Iodine and selenium matter too, primarily because they’re essential for normal thyroid function. A deficiency in either mineral can impair thyroid hormone production, which then ripples into the same reproductive hormone disruptions described above. If your diet is limited in variety, or you avoid entire food groups, these deficiencies become more likely.
What Happens After Stopping Birth Control
If you recently stopped hormonal contraceptives, your irregular periods may simply be your body recalibrating. After discontinuing the pill, ovulation often occurs later in the cycle than normal, and cycles tend to run longer for several months. Only about 58 percent of women have a fully ovulatory cycle in their first month off the pill.
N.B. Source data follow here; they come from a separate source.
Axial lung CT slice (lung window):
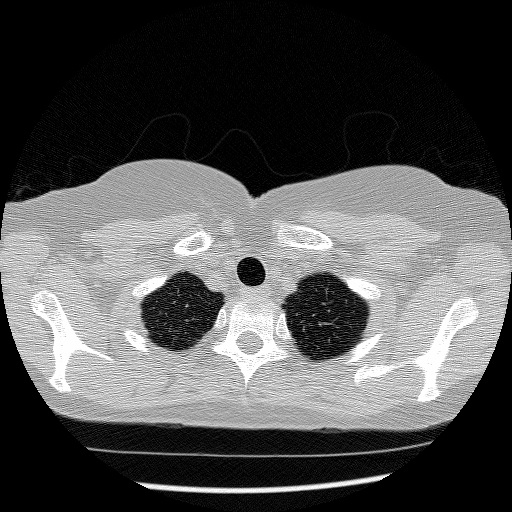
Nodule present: no
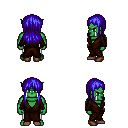
a pixel art fantasy rpg character, male body template, orc, green skin, brown robe, white pants, blue unkempt hairstyle, brown shoes, four views (front, back, left, right), 2x2 character sprite sheet, small pixel art, hard edges, no anti-aliasing
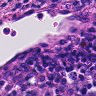
Metastatic tissue present: no
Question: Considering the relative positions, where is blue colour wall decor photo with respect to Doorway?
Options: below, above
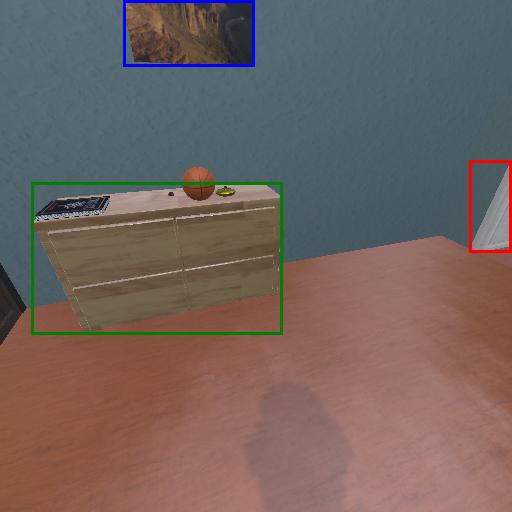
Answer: below
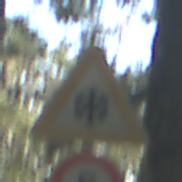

Most measurable differences in cycle length and flow persist for at least the first six cycles, and some research suggests it can take up to nine months for cycles to fully normalize. Menstrual flow intensity, in particular, takes time to return to its pre-pill baseline. This is a temporary effect, not a sign of a new problem, but it can feel unsettling if you expected your cycle to snap back immediately.
Signs Your Irregular Periods Need Attention
Some degree of cycle variation is normal. But certain patterns signal that something beyond routine fluctuation is going on:
- Missing three or more periods in a row when you’re not pregnant, breastfeeding, or in menopause
- Cycles shorter than 21 days or longer than 35 days on a regular basis
- Cycle length that swings by more than nine days from one month to the next (for example, 28 days one month, then 37, then 29)
- Periods lasting longer than seven days
- Soaking through a pad or tampon in an hour
- Severe pain, nausea, or vomiting with your period
- Bleeding between periods or after sex
Any sudden, significant change in your cycle pattern is worth flagging, even if it doesn’t fit neatly into the categories above. A shift that persists for two or three cycles rather than a single off month is more likely to reflect an underlying hormonal change that can be identified and addressed with basic blood work or an ultrasound.